[[ DATA UNDER STUDY open ]]

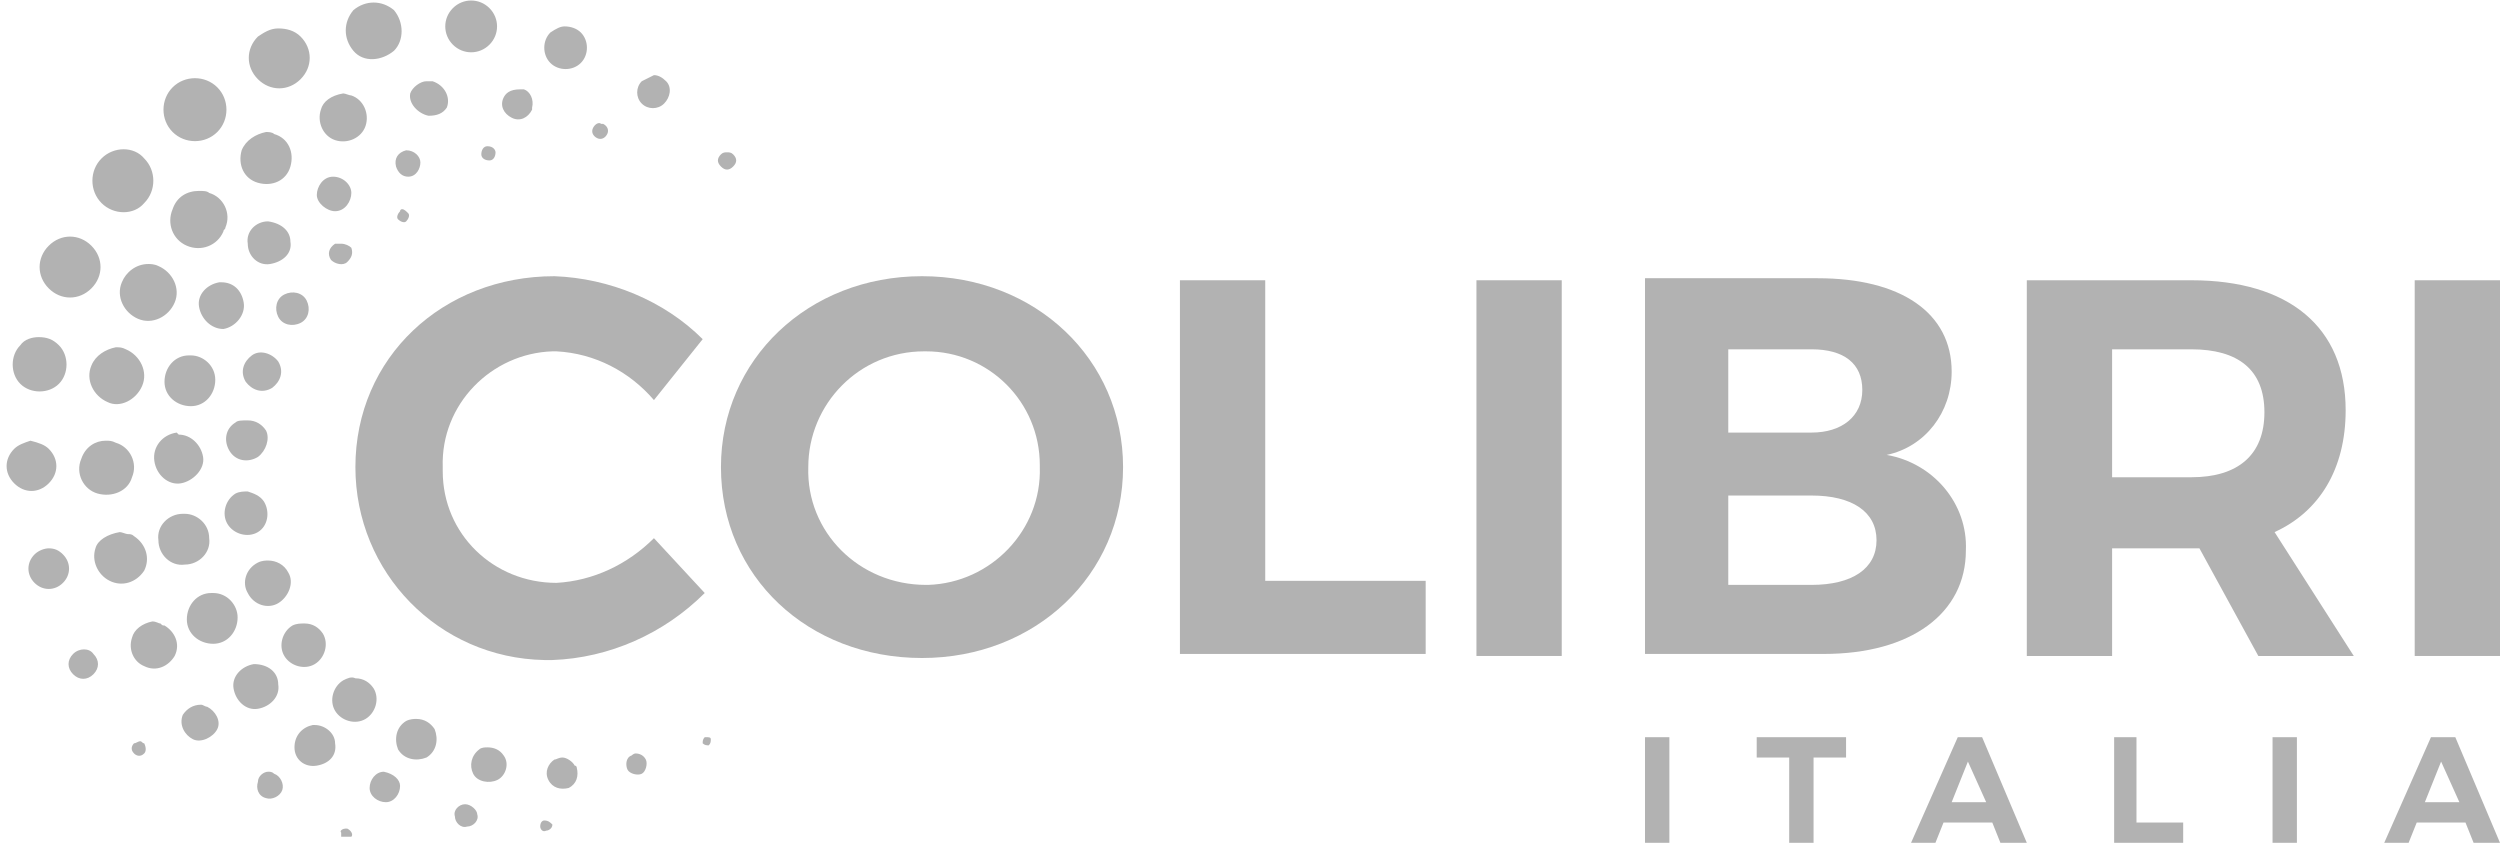 <?xml version="1.0" encoding="utf-8"?>
<!-- Generator: Adobe Illustrator 26.5.0, SVG Export Plug-In . SVG Version: 6.00 Build 0)  -->
<svg version="1.1" id="Livello_1" xmlns="http://www.w3.org/2000/svg" xmlns:xlink="http://www.w3.org/1999/xlink" x="0px" y="0px"
	 viewBox="0 0 123.1 41.5" style="enable-background:new 0 0 123.1 41.5;" xml:space="preserve">
<style type="text/css">
	.st0{fill:#B2B2B2;}
</style>
<rect x="81" y="36.3" class="st0" width="1.2" height="5.2"/>
<polygon class="st0" points="89.3,37.3 89.3,41.5 88.1,41.5 88.1,37.3 86.5,37.3 86.5,36.3 90.9,36.3 90.9,37.3 "/>
<path class="st0" d="M96.9,37.5l-0.8,2h1.7L96.9,37.5z M95.7,40.5l-0.4,1h-1.2l2.3-5.2h1.2l2.2,5.2h-1.3l-0.4-1H95.7z"/>
<polygon class="st0" points="107.5,40.5 107.5,41.5 104.1,41.5 104.1,36.3 105.2,36.3 105.2,40.5 "/>
<rect x="111.9" y="36.3" class="st0" width="1.2" height="5.2"/>
<path class="st0" d="M120.2,37.5l-0.8,2h1.7L120.2,37.5z M119,40.5l-0.4,1h-1.2l2.3-5.2h1.2l2.2,5.2h-1.3l-0.4-1H119z"/>
<path class="st0" d="M17.5,23c0,5.2,4.1,9.4,9.3,9.5c0.1,0,0.3,0,0.4,0c2.8-0.1,5.5-1.3,7.5-3.3l-2.5-2.7c-1.3,1.3-3,2.1-4.8,2.2
	c-3.1,0-5.6-2.4-5.6-5.5c0-0.1,0-0.1,0-0.2c-0.1-3.1,2.4-5.6,5.4-5.7c0.1,0,0.1,0,0.2,0c1.9,0.1,3.6,1,4.8,2.4l2.4-3
	c-1.9-1.9-4.6-3-7.3-3.1C21.8,13.6,17.5,17.6,17.5,23"/>
<path class="st0" d="M39.8,23c0-3.1,2.5-5.7,5.7-5.7c0,0,0,0,0.1,0c3.1,0,5.6,2.5,5.6,5.6c0,0,0,0.1,0,0.1c0.1,3.1-2.4,5.7-5.5,5.8
	c0,0,0,0-0.1,0C42.3,28.8,39.7,26.2,39.8,23 M35.5,23c0,5.4,4.3,9.4,9.9,9.4s9.9-4.1,9.9-9.4s-4.3-9.4-9.9-9.4S35.5,17.7,35.5,23"/>
<polygon class="st0" points="58.1,13.8 58.1,32.2 70.2,32.2 70.2,28.6 62.3,28.6 62.3,13.8 "/>
<rect x="72.7" y="13.8" class="st0" width="4.2" height="18.5"/>
<path class="st0" d="M85.1,24.4h4.1c2,0,3.2,0.8,3.2,2.2s-1.2,2.2-3.2,2.2h-4.1V24.4z M85.1,17.2h4.1c1.6,0,2.5,0.7,2.5,2
	s-1,2.1-2.5,2.1h-4.1V17.2z M81,13.7v18.5h8.8c4.3,0,7-2,7-5.1c0.1-2.3-1.6-4.3-3.9-4.7c1.9-0.4,3.2-2.1,3.2-4.1
	c0-2.9-2.5-4.6-6.6-4.6L81,13.7z"/>
<path class="st0" d="M104,17.2h3.9c2.3,0,3.6,1,3.6,3.1s-1.3,3.2-3.6,3.2H104V17.2z M99.8,13.8v18.5h4.2V27h4.3l2.9,5.3h4.7
	l-3.9-6.1c2.2-1,3.5-3.1,3.5-6c0-4.1-2.8-6.4-7.6-6.4L99.8,13.8z"/>
<rect x="118.9" y="13.8" class="st0" width="4.2" height="18.5"/>
<path class="st0" d="M16.8,41c0,0.1,0,0.2,0,0.2h0.5l0,0c0.1-0.1,0-0.3-0.2-0.4H17C16.9,40.8,16.7,40.9,16.8,41 M26.8,40.4
	c-0.1,0-0.2,0.1-0.2,0.3c0,0.1,0.1,0.3,0.3,0.2c0,0,0,0,0,0c0.1,0,0.3-0.1,0.3-0.3C27.1,40.5,27,40.4,26.8,40.4L26.8,40.4L26.8,40.4
	 M22.9,39.6c-0.3,0-0.6,0.3-0.5,0.6c0,0,0,0,0,0c0,0.3,0.3,0.6,0.6,0.5c0.3,0,0.6-0.3,0.5-0.6C23.5,39.9,23.2,39.6,22.9,39.6
	L22.9,39.6 M12.7,38.5c-0.1,0.3,0,0.7,0.4,0.8c0,0,0,0,0,0c0.3,0.1,0.7-0.1,0.8-0.4c0.1-0.3-0.1-0.7-0.4-0.8c0,0,0,0,0,0
	c-0.1-0.1-0.2-0.1-0.3-0.1C13,38,12.7,38.2,12.7,38.5 M18.9,38c-0.4,0-0.7,0.4-0.7,0.8s0.4,0.7,0.8,0.7s0.7-0.4,0.7-0.8
	C19.7,38.4,19.4,38.1,18.9,38L18.9,38 M27.3,37.4c-0.3,0.2-0.5,0.6-0.3,1c0,0,0,0,0,0c0.2,0.4,0.6,0.5,1,0.4c0.4-0.2,0.5-0.6,0.4-1
	c0,0,0-0.1-0.1-0.1c-0.1-0.2-0.4-0.4-0.6-0.4C27.5,37.3,27.4,37.4,27.3,37.4 M31.1,37.2c-0.3,0.1-0.3,0.5-0.2,0.7s0.5,0.3,0.7,0.2
	c0,0,0,0,0,0c0.2-0.1,0.3-0.5,0.2-0.7c-0.1-0.2-0.3-0.3-0.5-0.3C31.2,37.1,31.1,37.2,31.1,37.2 M23.6,36.9c-0.4,0.3-0.5,0.8-0.3,1.2
	c0.2,0.4,0.8,0.5,1.2,0.3c0.4-0.2,0.6-0.8,0.3-1.2c-0.2-0.3-0.5-0.4-0.8-0.4C23.9,36.8,23.7,36.8,23.6,36.9 M6.6,36.6
	c-0.1,0.1-0.2,0.3,0,0.5c0.1,0.1,0.3,0.2,0.5,0c0,0,0,0,0,0c0.1-0.1,0.1-0.3,0-0.5C7,36.6,7,36.5,6.9,36.5
	C6.8,36.5,6.7,36.6,6.6,36.6 M34.7,36.3c-0.1,0.1-0.1,0.2-0.1,0.3c0,0,0,0,0,0c0.1,0.1,0.2,0.1,0.3,0.1c0.1-0.1,0.1-0.2,0.1-0.3
	c0-0.1-0.1-0.1-0.2-0.1L34.7,36.3 M15.4,35.7c-0.5,0.1-0.9,0.5-0.9,1.1c0,0.6,0.5,1,1.1,0.9s1-0.5,0.9-1.1c0-0.5-0.5-0.9-1-0.9H15.4
	 M20,35.5c-0.5,0.3-0.6,0.9-0.4,1.4c0.3,0.5,0.9,0.6,1.4,0.4c0.5-0.3,0.6-0.9,0.4-1.4c-0.2-0.3-0.5-0.5-0.9-0.5
	C20.4,35.4,20.2,35.4,20,35.5 M9,35.2c-0.2,0.5,0.1,1,0.5,1.2s1-0.1,1.2-0.5l0,0c0.2-0.4-0.1-0.9-0.5-1.1c-0.1,0-0.2-0.1-0.3-0.1
	C9.5,34.7,9.2,34.9,9,35.2 M16.9,33.5c-0.5,0.3-0.7,1-0.4,1.5c0.3,0.5,1,0.7,1.5,0.4c0.5-0.3,0.7-1,0.4-1.5c0,0,0,0,0,0
	c-0.2-0.3-0.5-0.5-0.9-0.5C17.3,33.3,17.1,33.4,16.9,33.5 M12.5,32.7c-0.6,0.1-1.1,0.6-1,1.2c0.1,0.6,0.6,1.1,1.2,1
	c0.6-0.1,1.1-0.6,1-1.2c0,0,0,0,0,0C13.7,33.1,13.2,32.7,12.5,32.7L12.5,32.7 M3.6,32.2c-0.3,0.3-0.3,0.7,0,1c0.3,0.3,0.7,0.3,1,0
	c0.3-0.3,0.3-0.7,0-1C4.4,31.9,3.9,31.9,3.6,32.2C3.6,32.2,3.6,32.2,3.6,32.2 M14.4,30.8c-0.5,0.3-0.7,1-0.4,1.5c0,0,0,0,0,0
	c0.3,0.5,1,0.7,1.5,0.4c0.5-0.3,0.7-1,0.4-1.5c-0.2-0.3-0.5-0.5-0.9-0.5C14.8,30.7,14.6,30.7,14.4,30.8 M6.5,31.4
	c-0.2,0.6,0.1,1.2,0.6,1.4c0,0,0,0,0,0c0.6,0.3,1.2,0,1.5-0.5c0.3-0.6,0-1.2-0.5-1.5c-0.1,0-0.1,0-0.2-0.1c-0.1,0-0.2-0.1-0.4-0.1
	C7,30.7,6.6,31,6.5,31.4 M10.4,29.2c-0.7,0-1.2,0.6-1.2,1.3s0.6,1.2,1.3,1.2c0.7,0,1.2-0.6,1.2-1.3c0-0.6-0.5-1.2-1.2-1.2H10.4
	 M12.7,27.7c-0.6,0.3-0.8,1-0.5,1.5c0.3,0.6,1,0.8,1.5,0.5s0.8-1,0.5-1.5c-0.2-0.4-0.6-0.6-1-0.6C13.1,27.6,12.9,27.6,12.7,27.7
	 M1.7,27.3c-0.4,0.4-0.4,1,0,1.4c0.4,0.4,1,0.4,1.4,0s0.4-1,0-1.4c0,0,0,0,0,0C2.9,27.1,2.7,27,2.4,27C2.2,27,1.9,27.1,1.7,27.3
	 M4.7,27c-0.2,0.6,0.1,1.3,0.7,1.6c0.6,0.3,1.3,0.1,1.7-0.5c0.3-0.6,0.1-1.3-0.5-1.7c-0.1-0.1-0.2-0.1-0.3-0.1
	c-0.1,0-0.3-0.1-0.4-0.1C5.3,26.3,4.8,26.6,4.7,27 M9,25.3c-0.7,0-1.3,0.6-1.2,1.3c0,0.7,0.6,1.3,1.3,1.2c0.7,0,1.3-0.6,1.2-1.3
	c0-0.7-0.6-1.2-1.2-1.2H9 M11.6,24.3c-0.5,0.3-0.7,1-0.4,1.5c0,0,0,0,0,0c0.3,0.5,1,0.7,1.5,0.4c0.5-0.3,0.6-1,0.3-1.5
	c-0.2-0.3-0.5-0.4-0.8-0.5C12,24.2,11.8,24.2,11.6,24.3 M0.7,22.1c-0.5,0.5-0.5,1.2,0,1.7s1.2,0.5,1.7,0c0.5-0.5,0.5-1.2,0-1.7
	c0,0,0,0,0,0c-0.2-0.2-0.5-0.3-0.9-0.4C1.2,21.8,0.9,21.9,0.7,22.1 M4,22.6c-0.3,0.7,0.1,1.5,0.8,1.7s1.5-0.1,1.7-0.8
	c0.3-0.7-0.1-1.5-0.8-1.7c0,0,0,0,0,0c-0.2-0.1-0.3-0.1-0.5-0.1C4.7,21.7,4.2,22,4,22.6 M8.7,21.3C8,21.4,7.5,22,7.6,22.7
	c0.1,0.7,0.7,1.2,1.3,1.1s1.2-0.7,1.1-1.3c-0.1-0.6-0.6-1.1-1.2-1.1L8.7,21.3 M11.6,20.8c-0.5,0.3-0.6,0.9-0.3,1.4
	c0.3,0.5,0.9,0.6,1.4,0.3c0.4-0.3,0.6-0.9,0.4-1.3c-0.2-0.3-0.5-0.5-0.9-0.5C11.9,20.7,11.7,20.7,11.6,20.8 M9.3,17.5
	c-0.7,0-1.2,0.6-1.2,1.3c0,0.7,0.6,1.2,1.3,1.2s1.2-0.6,1.2-1.3c0-0.7-0.6-1.2-1.2-1.2H9.3 M12.4,17.5c-0.4,0.3-0.6,0.8-0.3,1.3
	c0.3,0.4,0.8,0.6,1.3,0.3l0,0c0.4-0.3,0.6-0.8,0.3-1.3C13.4,17.4,12.8,17.2,12.4,17.5 M4.5,18c-0.3,0.7,0.1,1.5,0.8,1.8
	C5.9,20.1,6.7,19.7,7,19c0.3-0.7-0.1-1.5-0.8-1.8c0,0,0,0,0,0c-0.2-0.1-0.3-0.1-0.5-0.1C5.2,17.2,4.7,17.5,4.5,18 M1,17
	c-0.5,0.5-0.5,1.4,0,1.9c0.5,0.5,1.4,0.5,1.9,0s0.5-1.4,0-1.9l0,0c-0.3-0.3-0.6-0.4-1-0.4C1.6,16.6,1.2,16.7,1,17 M14,14.5
	c-0.4,0.2-0.5,0.7-0.3,1.1c0.2,0.4,0.7,0.5,1.1,0.3c0.4-0.2,0.5-0.7,0.3-1.1c0,0,0,0,0,0C14.9,14.4,14.4,14.3,14,14.5
	C14,14.5,14,14.5,14,14.5 M10.8,13.9c-0.6,0.1-1.1,0.6-1,1.2c0.1,0.6,0.6,1.1,1.2,1.1c0.6-0.1,1.1-0.7,1-1.3c-0.1-0.6-0.5-1-1.1-1
	L10.8,13.9 M6,13.9c-0.3,0.7,0.1,1.5,0.8,1.8c0.7,0.3,1.5-0.1,1.8-0.8c0.3-0.7-0.1-1.5-0.8-1.8C7.6,13,7.4,13,7.3,13
	C6.7,13,6.2,13.4,6,13.9 M16.5,12c-0.3,0.2-0.4,0.5-0.2,0.8c0,0,0,0,0,0c0.2,0.2,0.6,0.3,0.8,0.1c0.2-0.2,0.3-0.4,0.2-0.7
	C17.2,12.1,17,12,16.8,12C16.7,12,16.6,12,16.5,12 M2.4,12.1c-0.6,0.6-0.6,1.5,0,2.1c0,0,0,0,0,0c0.6,0.6,1.5,0.6,2.1,0
	s0.6-1.5,0-2.1C3.9,11.5,3,11.5,2.4,12.1C2.4,12.1,2.4,12.1,2.4,12.1 M13.2,10.9c-0.6,0-1.1,0.5-1,1.1c0,0.6,0.5,1.1,1.1,1
	s1.1-0.5,1-1.1C14.3,11.4,13.9,11,13.2,10.9L13.2,10.9 M19.7,10.4c-0.1,0.1-0.2,0.3-0.1,0.4c0,0,0,0,0,0c0.1,0.1,0.3,0.2,0.4,0.1
	c0.1-0.1,0.2-0.3,0.1-0.4c0,0,0,0,0,0c-0.1-0.1-0.2-0.2-0.3-0.2C19.8,10.3,19.7,10.3,19.7,10.4 M8.5,10.3c-0.3,0.7,0,1.5,0.7,1.8
	c0.7,0.3,1.5,0,1.8-0.7c0-0.1,0.1-0.1,0.1-0.2c0.3-0.7-0.1-1.5-0.8-1.7c-0.1-0.1-0.3-0.1-0.5-0.1C9.2,9.4,8.7,9.7,8.5,10.3
	 M16.4,8.7c-0.5,0-0.8,0.5-0.8,0.9s0.5,0.8,0.9,0.8c0.5,0,0.8-0.5,0.8-0.9C17.3,9.1,16.9,8.7,16.4,8.7L16.4,8.7 M35.5,7.6
	c-0.2,0.2-0.2,0.4,0,0.6c0.2,0.2,0.4,0.2,0.6,0s0.2-0.4,0-0.6c-0.1-0.1-0.2-0.1-0.3-0.1C35.7,7.5,35.6,7.5,35.5,7.6 M20,7.4
	c-0.4,0.1-0.6,0.4-0.5,0.8c0.1,0.3,0.3,0.5,0.6,0.5c0.4,0,0.6-0.4,0.6-0.7C20.7,7.7,20.4,7.4,20,7.4L20,7.4 M5,7.8
	C4.4,8.4,4.4,9.4,5,10s1.6,0.6,2.1,0c0.6-0.6,0.6-1.6,0-2.2C6.6,7.2,5.6,7.2,5,7.8 M24,7.2c-0.2,0-0.3,0.2-0.3,0.4
	c0,0.2,0.2,0.3,0.4,0.3l0,0c0.2,0,0.3-0.2,0.3-0.4C24.4,7.4,24.3,7.2,24,7.2L24,7.2 M11.9,7.4C11.7,8.1,12,8.8,12.7,9
	c0.7,0.2,1.4-0.1,1.6-0.8c0.2-0.7-0.1-1.4-0.8-1.6c-0.1-0.1-0.3-0.1-0.4-0.1C12.6,6.6,12.1,6.9,11.9,7.4 M29.2,6.3
	c-0.1,0.2,0,0.4,0.2,0.5c0.2,0.1,0.4,0,0.5-0.2s0-0.4-0.2-0.5c0,0-0.1,0-0.1,0C29.5,6,29.3,6.1,29.2,6.3 M15.8,5.4
	c-0.2,0.6,0.1,1.3,0.7,1.5c0.6,0.2,1.3-0.1,1.5-0.7c0.2-0.6-0.1-1.3-0.7-1.5c0,0,0,0,0,0c-0.1,0-0.3-0.1-0.4-0.1
	C16.3,4.7,15.9,5,15.8,5.4 M24.8,4.8c-0.2,0.4,0,0.8,0.4,1c0.4,0.2,0.8,0,1-0.4c0,0,0,0,0-0.1c0.1-0.4-0.1-0.8-0.4-0.9c0,0,0,0,0,0
	c-0.1,0-0.2,0-0.2,0C25.1,4.4,24.9,4.6,24.8,4.8 M20.2,4.6c-0.1,0.5,0.4,1,0.9,1.1c0.4,0,0.7-0.1,0.9-0.4c0.2-0.5-0.1-1.1-0.7-1.3
	c-0.1,0-0.2,0-0.3,0C20.7,4,20.3,4.3,20.2,4.6 M8.5,4.3c-0.6,0.6-0.6,1.6,0,2.2c0.6,0.6,1.6,0.6,2.2,0s0.6-1.6,0-2.2
	C10.1,3.7,9.1,3.7,8.5,4.3L8.5,4.3 M31.6,4c-0.3,0.3-0.3,0.8,0,1.1c0.3,0.3,0.8,0.3,1.1,0c0.3-0.3,0.4-0.8,0.1-1.1
	c-0.2-0.2-0.4-0.3-0.6-0.3C32,3.8,31.8,3.9,31.6,4 M12.7,1.8c-0.6,0.6-0.6,1.5,0,2.1c0.6,0.6,1.5,0.6,2.1,0s0.6-1.5,0-2.1
	c-0.3-0.3-0.7-0.4-1.1-0.4C13.3,1.4,13,1.6,12.7,1.8 M27.1,1.6c-0.4,0.4-0.4,1.1,0,1.5s1.1,0.4,1.5,0c0.4-0.4,0.4-1.1,0-1.5
	c-0.2-0.2-0.5-0.3-0.8-0.3C27.6,1.3,27.4,1.4,27.1,1.6 M17.4,0.5c-0.5,0.6-0.5,1.4,0,2s1.4,0.5,2,0c0.5-0.5,0.5-1.4,0-2
	C18.8,0,18,0,17.4,0.5 M22.3,0.4c-0.5,0.5-0.5,1.3,0,1.8c0.5,0.5,1.3,0.5,1.8,0c0.5-0.5,0.5-1.3,0-1.8S22.8-0.1,22.3,0.4
	C22.3,0.4,22.3,0.4,22.3,0.4"/>
</svg>

[[ DATA UNDER STUDY closed ]]

» TASK TO CARRY OUT
Look through the entries above; copy every line holding the string "rect".

» ANSWER AREA
<rect x="81" y="36.3" class="st0" width="1.2" height="5.2"/>
<rect x="111.9" y="36.3" class="st0" width="1.2" height="5.2"/>
<rect x="72.7" y="13.8" class="st0" width="4.2" height="18.5"/>
<rect x="118.9" y="13.8" class="st0" width="4.2" height="18.5"/>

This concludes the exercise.